声のする方へ振り向くとフリクが立っていた。

「フリク……!」

「どうやら王子様が現れたみたいだね」

「そうですわね、まさにクラヴィスは王子様ですわ。しかし……」

「どうしたの?」



「私はお姫様ではありませんもの。まだ噂の悪女ですわ」



「学園での噂は変わってきただろう? それにマリーナが通うのは影響力のある貴族の通う学園だ。学園での噂が変われば、時期に他の場所にまで良い噂も広がって行くだろう」

「ええ。だからこれからも頑張るだけですわ」

その時、急にフリクが「あははっ」と吹き出すように笑った。

「フリク?」



「いや、マリーナ自身が婚約が嫌ということは全くないんだなと思って。

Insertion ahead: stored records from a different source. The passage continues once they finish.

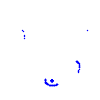
Particle: kaon
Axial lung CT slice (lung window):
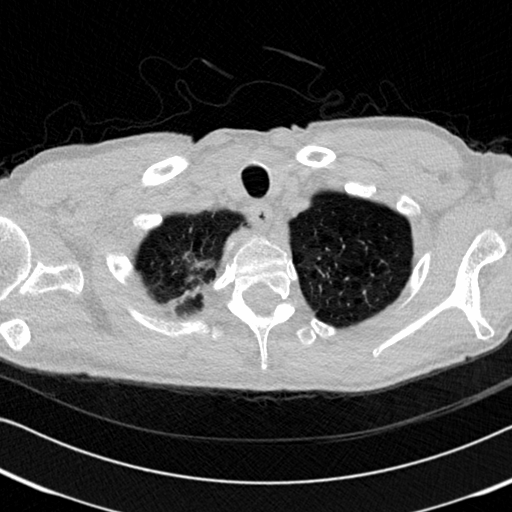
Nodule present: no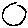
Label: moon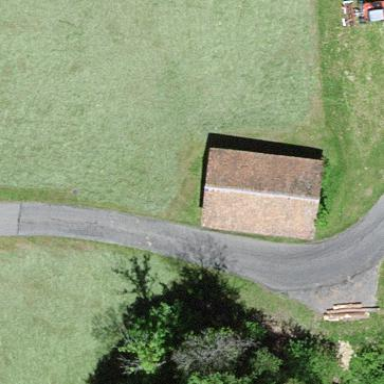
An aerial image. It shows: Rural barn.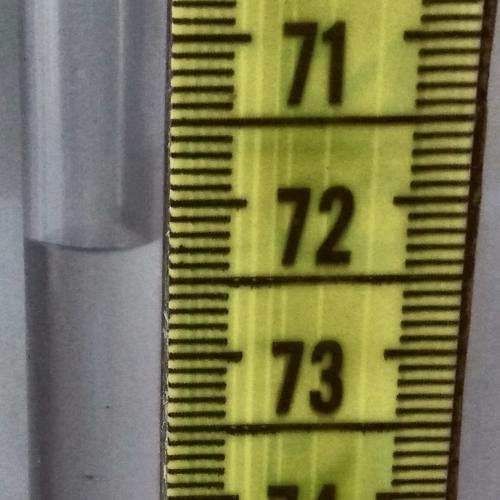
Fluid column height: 72.3 cm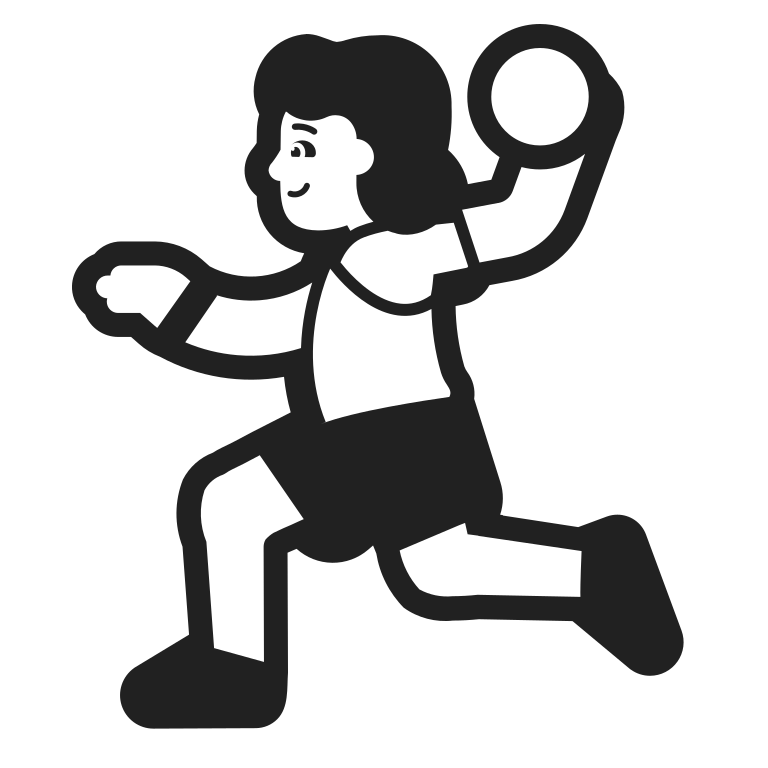
woman playing handball high contrast default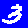
Digit: 3
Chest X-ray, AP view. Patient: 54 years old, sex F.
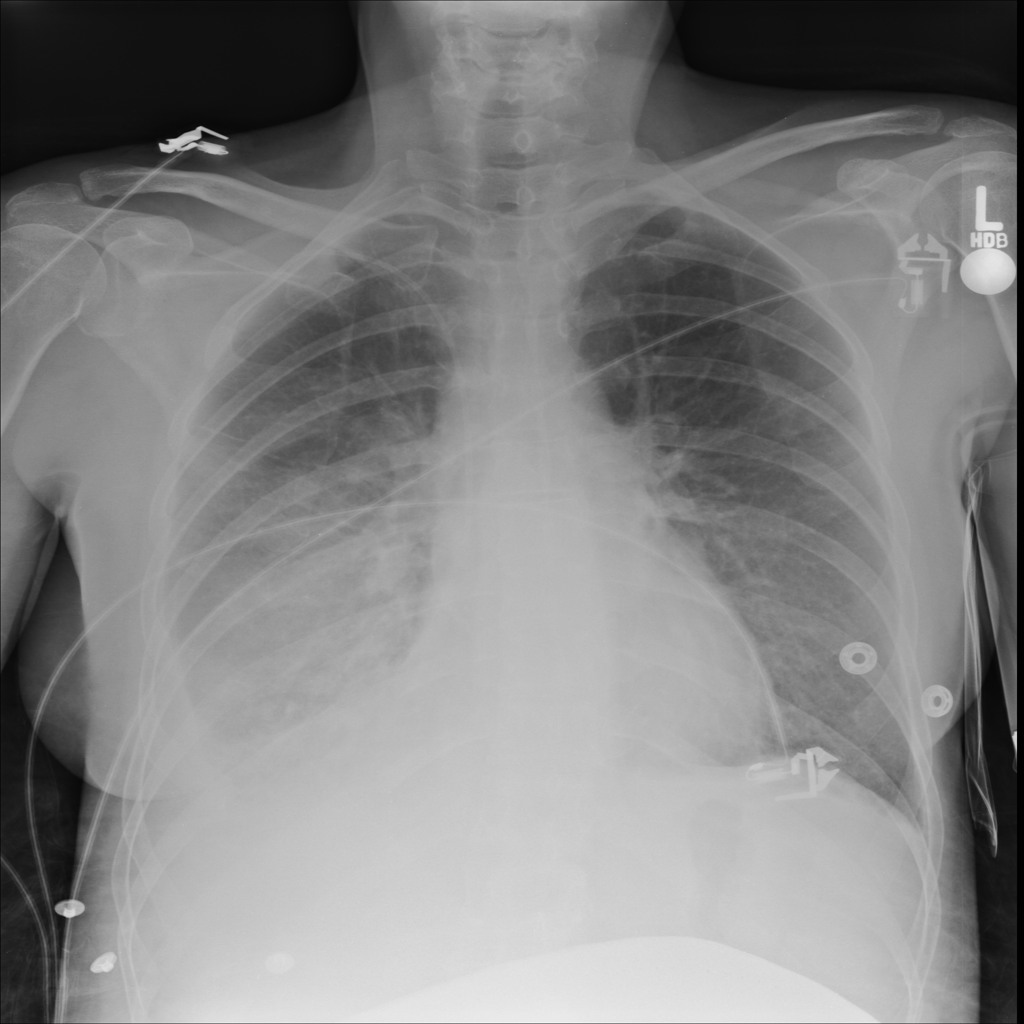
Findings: No Finding

それが全てじゃないの?」

「きっと相手が欲しいのは、マリーナの本心だけのはずだ」



「……フリク、貴方はいつだって私に助言……いいえ、優しい言葉をくれますわ。貴方は私に無理難題を言いながらも、結局はいつだって優しい。貴方は一体何を考えているのですか?」

「マリーナ、君が噂を変えて、国民に好かれるのはきっともうすぐかもしれない。王女が婚約を結べば、それだけで注目を浴びる。あとは君の努力次第だろう」

フリクの表情が月明かりの逆光でよく見えない。




「俺は、もうすぐ君に……真実を言わなければいけない」




「え……?」




「ねぇ、マリーナ。沢山の人に好かれていく君を見たかったのは、一体誰なんだろうね」

「どういう意味ですの……?」

フリクの表情は見えないのに、何故かフリクが泣きそうに見えた。





「私は君を……」





その後に聞こえた言葉が嘘だと思いたかった。

聞き間違いだと思いたかった。









「ずっと恨んでいたはずなのに」








そして、想像もしないような言葉をフリクは続けて述べるのだ。










「マリーナ、私は君の願いを叶えることは出来ない」









謎が解け始める音がする。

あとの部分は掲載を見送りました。